3a. 45 rule on N3 2 innies R2C8 + R3C7 = 15 = [78/87/96] -> R4C7 = {123}
3b. 45 rule on N7 2 innies R7C3 + R8C2 = 6 = [24/51] -> R6C3 = {36}
3c. 14(4) cage at R7C6 (step 1c) = {1256/2345} (cannot be {1247} = {24}[17] which clashes with R7C3 + R8C2), no 7
3d. 45 rule on N12 2 innies R2C25 = 14 = {59/68}
3e. 45 rule on N1 3 innies R2C23 + R3C3 = 14, min R2C2 = 5 -> max R23C3 = 9, no 9 in R23C3
3f. 45 rule on N1 2 outies R23C4 = 1 innie R2C2 + 4, IOU no 4 in R3C4
3g. 45 rule on N89 2 innies R8C58 = 10 = [19/37]/{28/46}, no 5, no 7,9 in R8C5
3h. 45 rule on R1 2 outies R2C17 = 5 = [14/23/32] -> R1C1 = {567}
3i. 1 in N1 only in R2C1 + R23C3, CPE no 1 in R2C4
3j. 45 rule on R9 2 outies R8C39 = 11 = [29/38/47]/{56}, no 1 in R8C3, no 2,4 in R8C9
3k. 45 rule on N47 2 outies R45C4 = 2 innies R58C2 + 9
3l.
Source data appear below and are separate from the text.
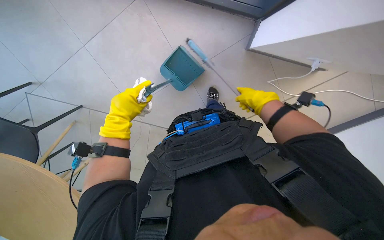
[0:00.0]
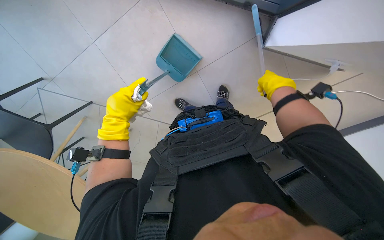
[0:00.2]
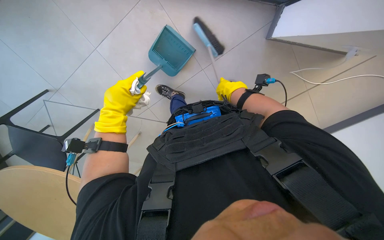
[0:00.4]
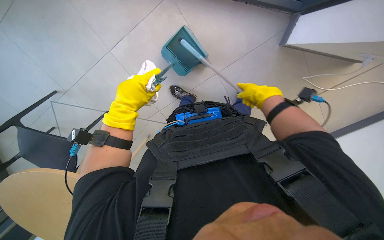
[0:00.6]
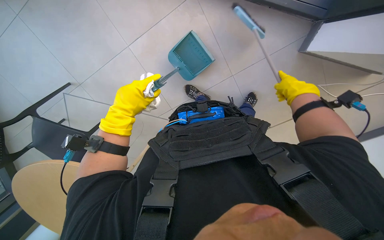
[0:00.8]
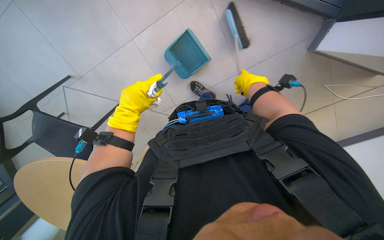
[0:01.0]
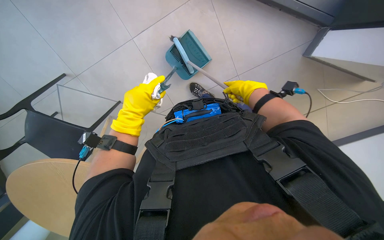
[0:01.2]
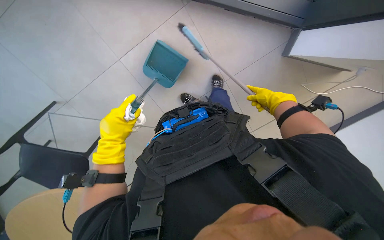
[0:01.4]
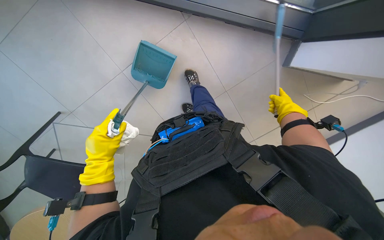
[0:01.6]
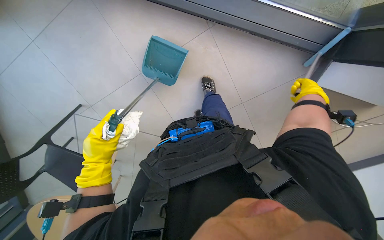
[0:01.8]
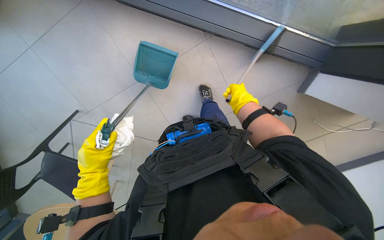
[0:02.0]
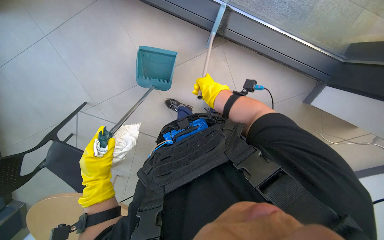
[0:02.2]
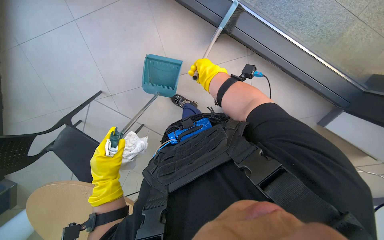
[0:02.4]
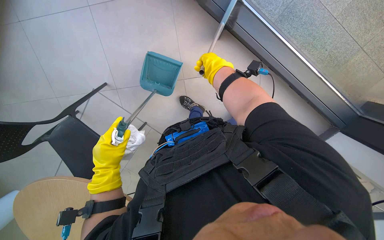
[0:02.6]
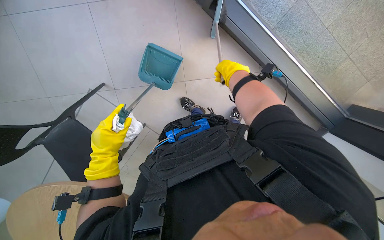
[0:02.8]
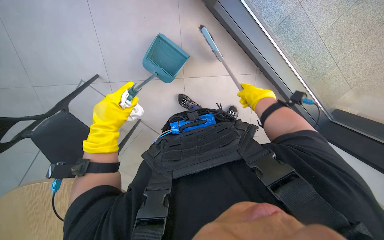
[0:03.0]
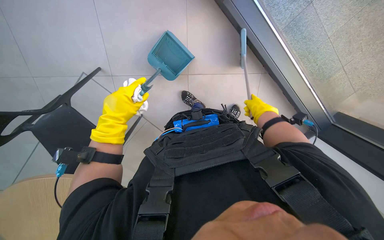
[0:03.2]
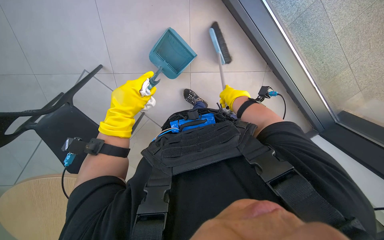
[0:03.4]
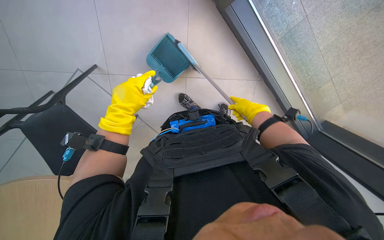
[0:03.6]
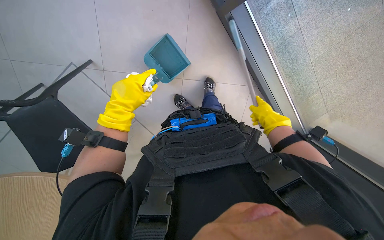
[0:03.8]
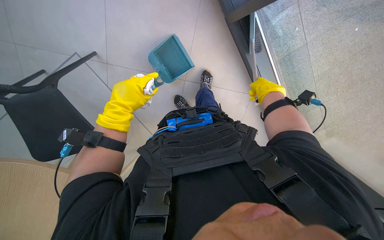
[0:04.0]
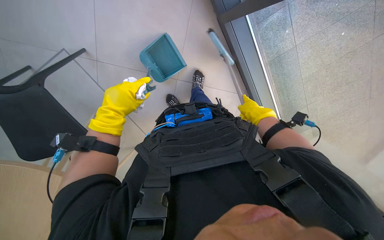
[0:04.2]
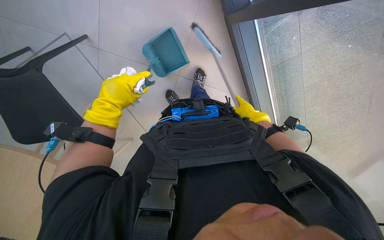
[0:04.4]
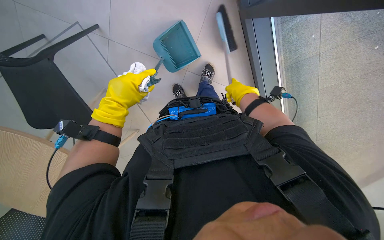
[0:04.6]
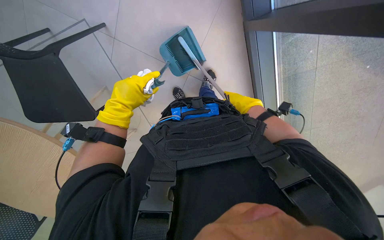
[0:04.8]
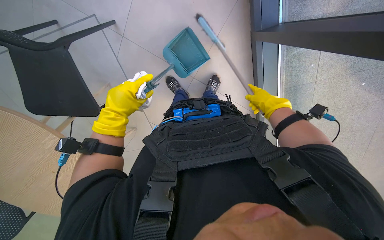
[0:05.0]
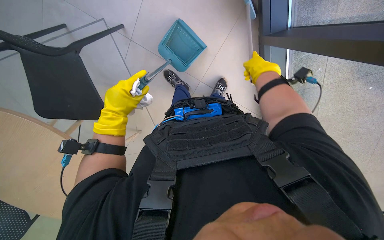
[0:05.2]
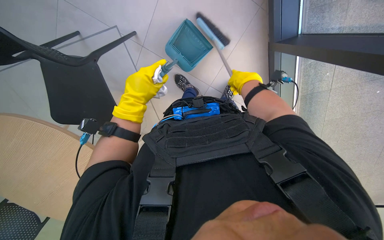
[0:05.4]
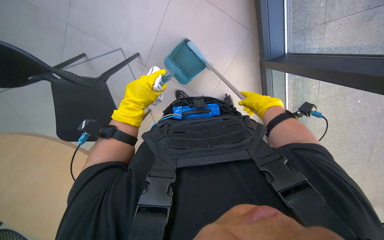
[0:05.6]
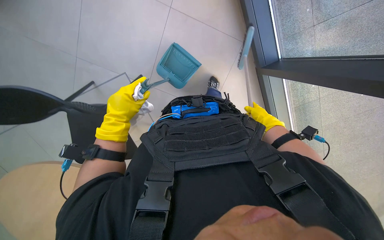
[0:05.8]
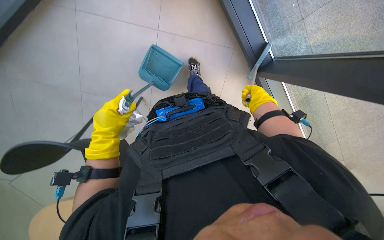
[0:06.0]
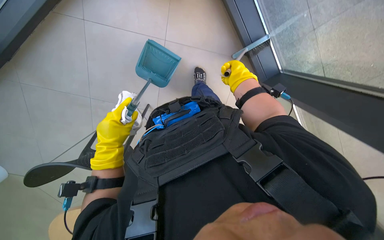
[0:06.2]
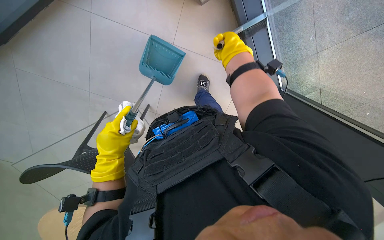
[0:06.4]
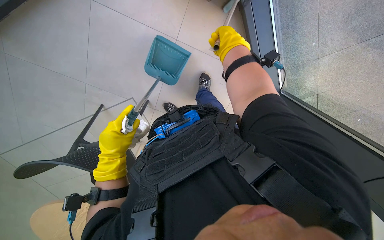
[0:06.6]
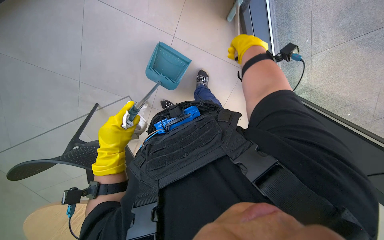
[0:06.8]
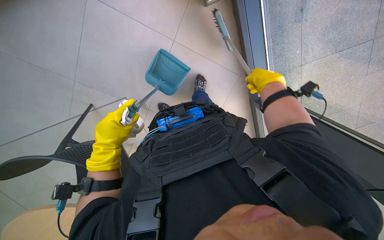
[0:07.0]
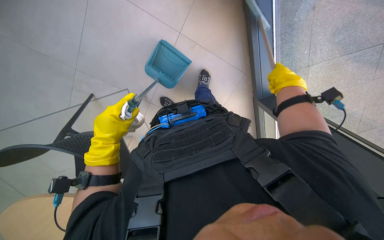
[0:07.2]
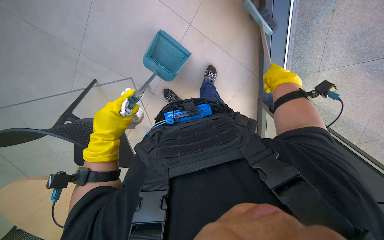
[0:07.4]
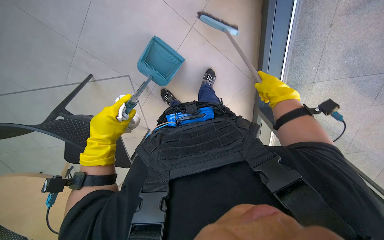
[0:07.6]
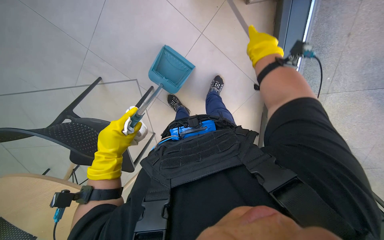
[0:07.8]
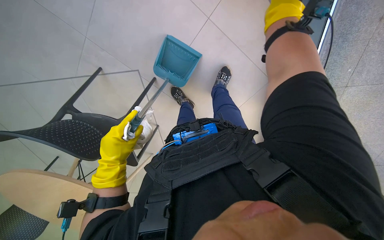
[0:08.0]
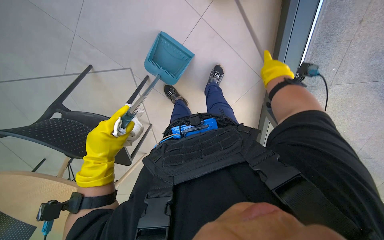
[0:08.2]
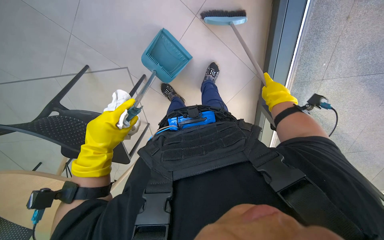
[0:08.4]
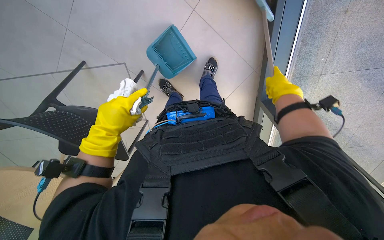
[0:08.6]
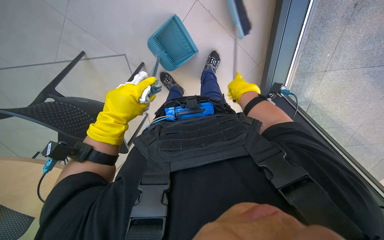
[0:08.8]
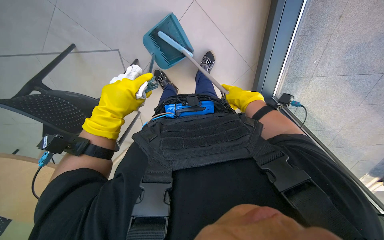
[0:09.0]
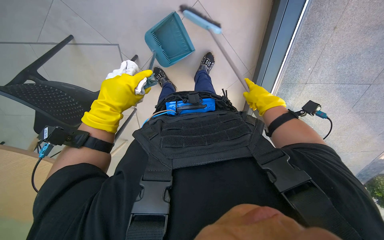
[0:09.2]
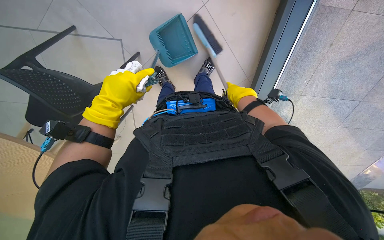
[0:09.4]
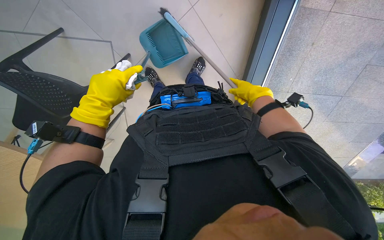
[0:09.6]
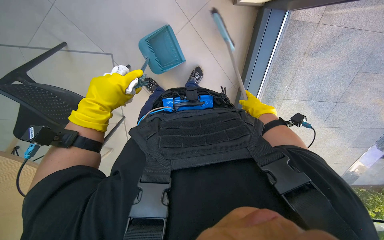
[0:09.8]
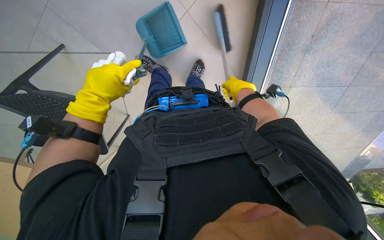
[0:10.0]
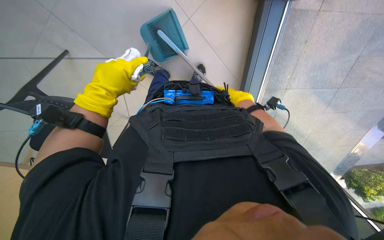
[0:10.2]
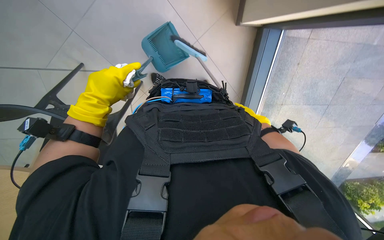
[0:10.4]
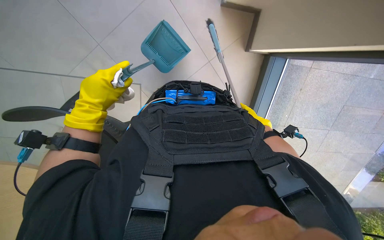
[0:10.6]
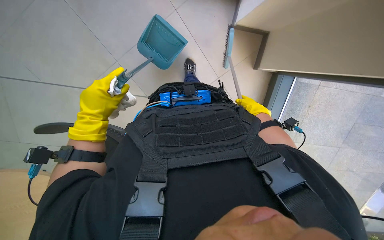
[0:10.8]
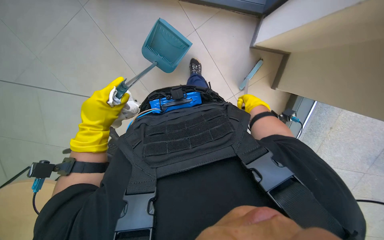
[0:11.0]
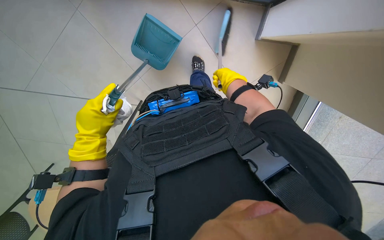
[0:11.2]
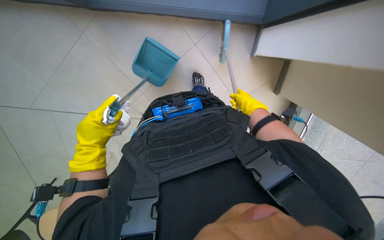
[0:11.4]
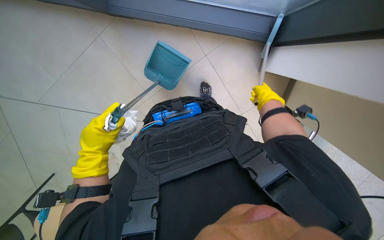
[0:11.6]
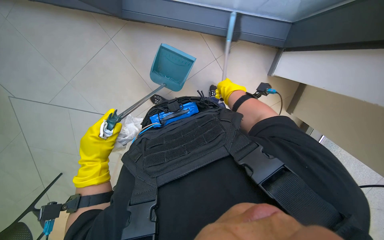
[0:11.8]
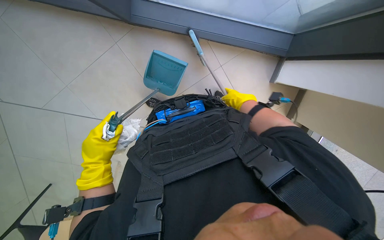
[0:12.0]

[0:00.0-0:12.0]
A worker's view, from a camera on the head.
Job: sweeping floor.
The whole recording: Sweeping floor with brush. The worker sweeps the floor with a brush and collects debris into a dustpan.
0:00.0 to 0:01.6: The right hand travels to the right and farther from the camera by approximately 20 cm.
0:01.6 to 0:03.0: The camera pitches upward, by roughly 15 degrees. The right hand is displaced to the left by roughly 25 cm.
0:03.0 to 0:04.4: The wearer moves about 60 cm.
0:04.4 to 0:06.0: The camera pitches upward, by some 20 degrees.
0:06.0 to 0:07.6: The right hand reaches roughly 15 cm to the left, then returns.
0:07.6 to 0:09.0: The right hand goes approximately 10 cm to the left.
0:09.0 to 0:10.4: The right hand is displaced to the right by about 10 cm.
0:10.4 to 0:12.0: The left hand travels down the picture by roughly 15 cm, while the right hand goes left and right, some 15 cm each way, reversing 2 times.

Min R58C2 = 3 -> min R45C4 = 12, no 1,2 in R4C4
3m. Max R45C4 = 17 -> max R58C2 = 8, no 8,9 in R5C2
3n. 45 rule on N8 3 innies R7C6 + R8C56 = 9 = {126/135/234}, no 8, clean-up: no 2 in R8C8

4a. 45 rule on R4 3 innies R4C789 = 11 = {128/137/146/236/245}, no 9
4b. 45 rule on R4 1 outie R5C9 = 1 innie R4C7 + 6, R4C7 = {123} -> R5C9 = {789}
4c. 45 rule on R6 1 innie R6C3 = 1 outie R5C1 + 2, R6C3 = {36} -> R5C1 = {14}
4d. 21(4) cage at R6C6 = {1389/1479/1578/2469/2478/2568/3459} (cannot be {1569/2379/3567} which clash with R6C45, cannot be {3468} which clashes with R6C3)
4e. 21(4) cage = {1479/1578/2469/2478/2568/3459} (cannot be {1389} because 21(4) cage combined with R6C45 = {26} clashes with R6C3)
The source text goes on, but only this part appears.